Mistake 1: No Reconnection Logic

// BAD - Stays disconnected forever
const ws = new WebSocket('ws://localhost:3000');

// GOOD - Auto-reconnects
class ReconnectingWS extends WebSocket {
    // ... reconnection logic
}

Mistake 2: No Heartbeats

// BAD - Dead connections stay open
// No way to detect disconnection

// GOOD - Regular heartbeats
setInterval(() => ws.ping(), 30000);

Mistake 3: Not Checking readyState

// BAD - Throws error if not connected
ws.send('message');

// GOOD - Check before sending
if (ws.readyState === WebSocket.OPEN) {
    ws.send('message');
}

Mistake 4: Memory Leaks

// BAD - Connections never removed
const connections = [];
wss.on('connection', (ws) => {
    connections.push(ws);
    // Never removed on close!
});

// GOOD - Clean up on close
const connections = new Set();
wss.on('connection', (ws) => {
    connections.add(ws);
    ws.on('close', () => connections.delete(ws));
});

The Bottom Line

WebSockets enable real-time communication. But connections drop constantly in production.

Implement automatic reconnection with exponential backoff. Don't leave users disconnected.

Use heartbeats to detect dead connections. Close them before they timeout.

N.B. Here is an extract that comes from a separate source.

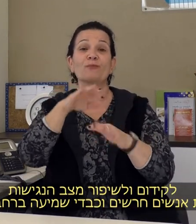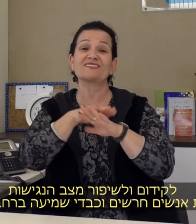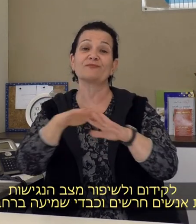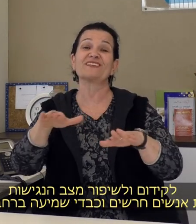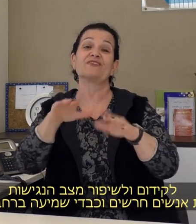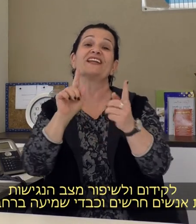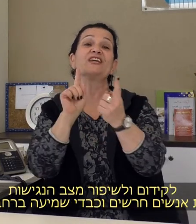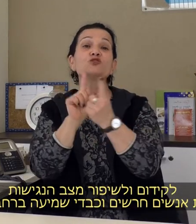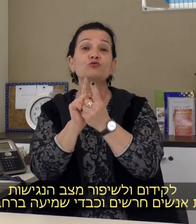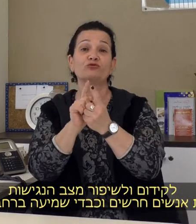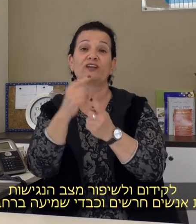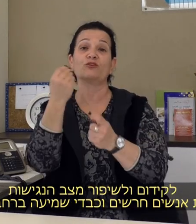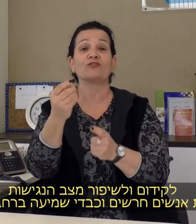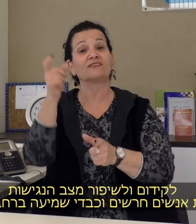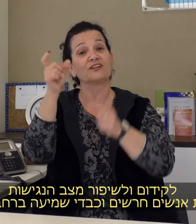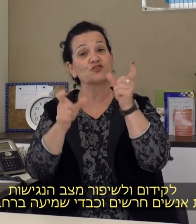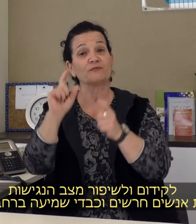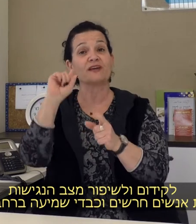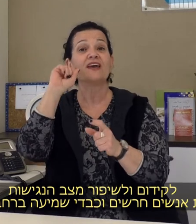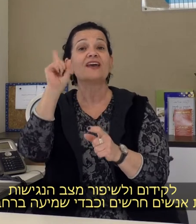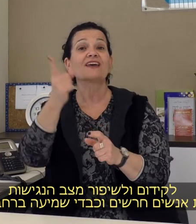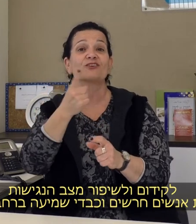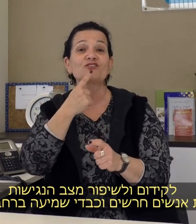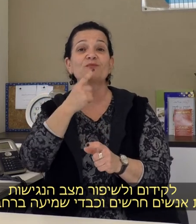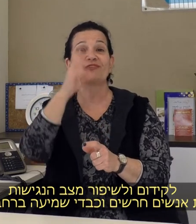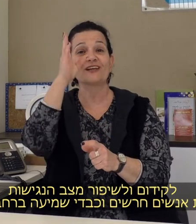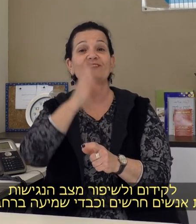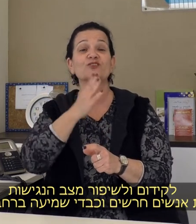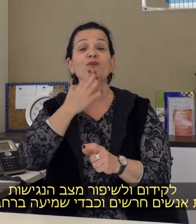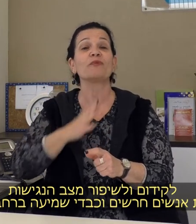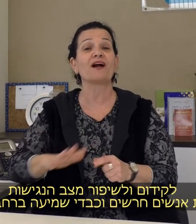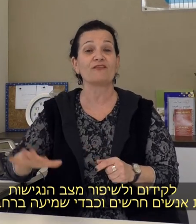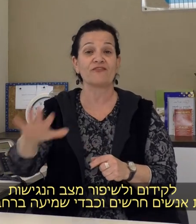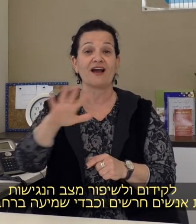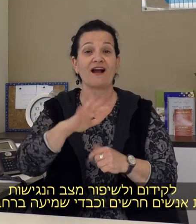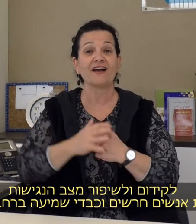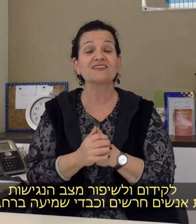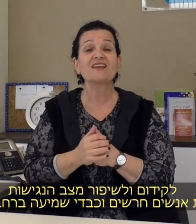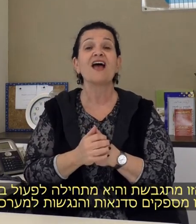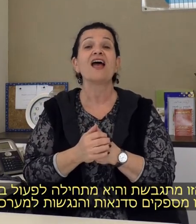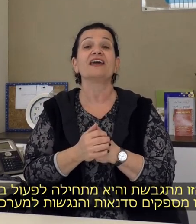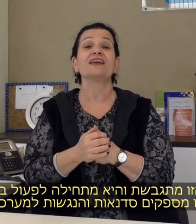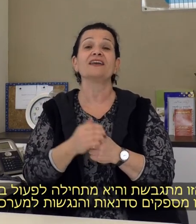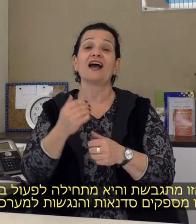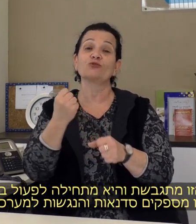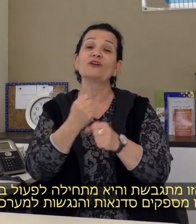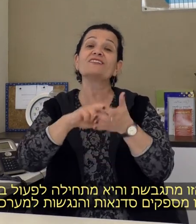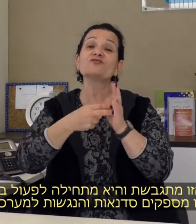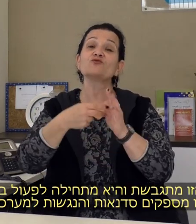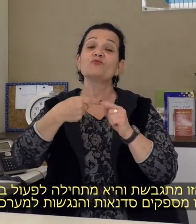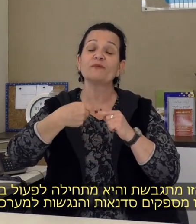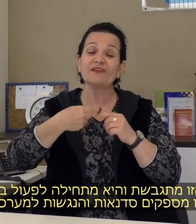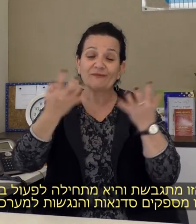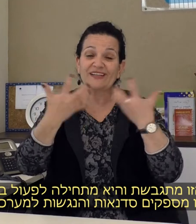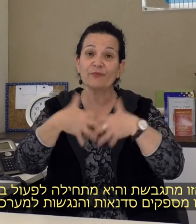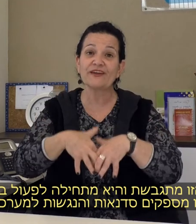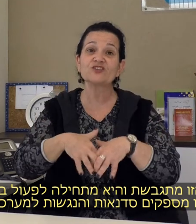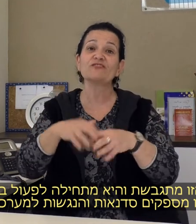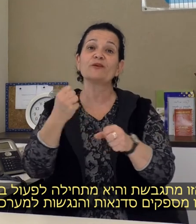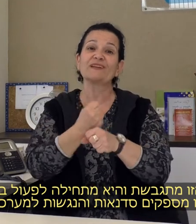מצב הנגישות לטובת אנשים חירשים וכבדש מיה ברחבי הארץ התוכנית הזו מתגבשת והיא

Scale with Redis pub/sub to share messages across multiple servers.

Queue messages when disconnected. Send them when reconnected.

Our chat worked in dev but dropped connections every few minutes in production. Added reconnection and heartbeats. Connection stability: 60% → 99%.

Build WebSockets properly from day one. Handle disconnections. Your users expect real-time to stay connected.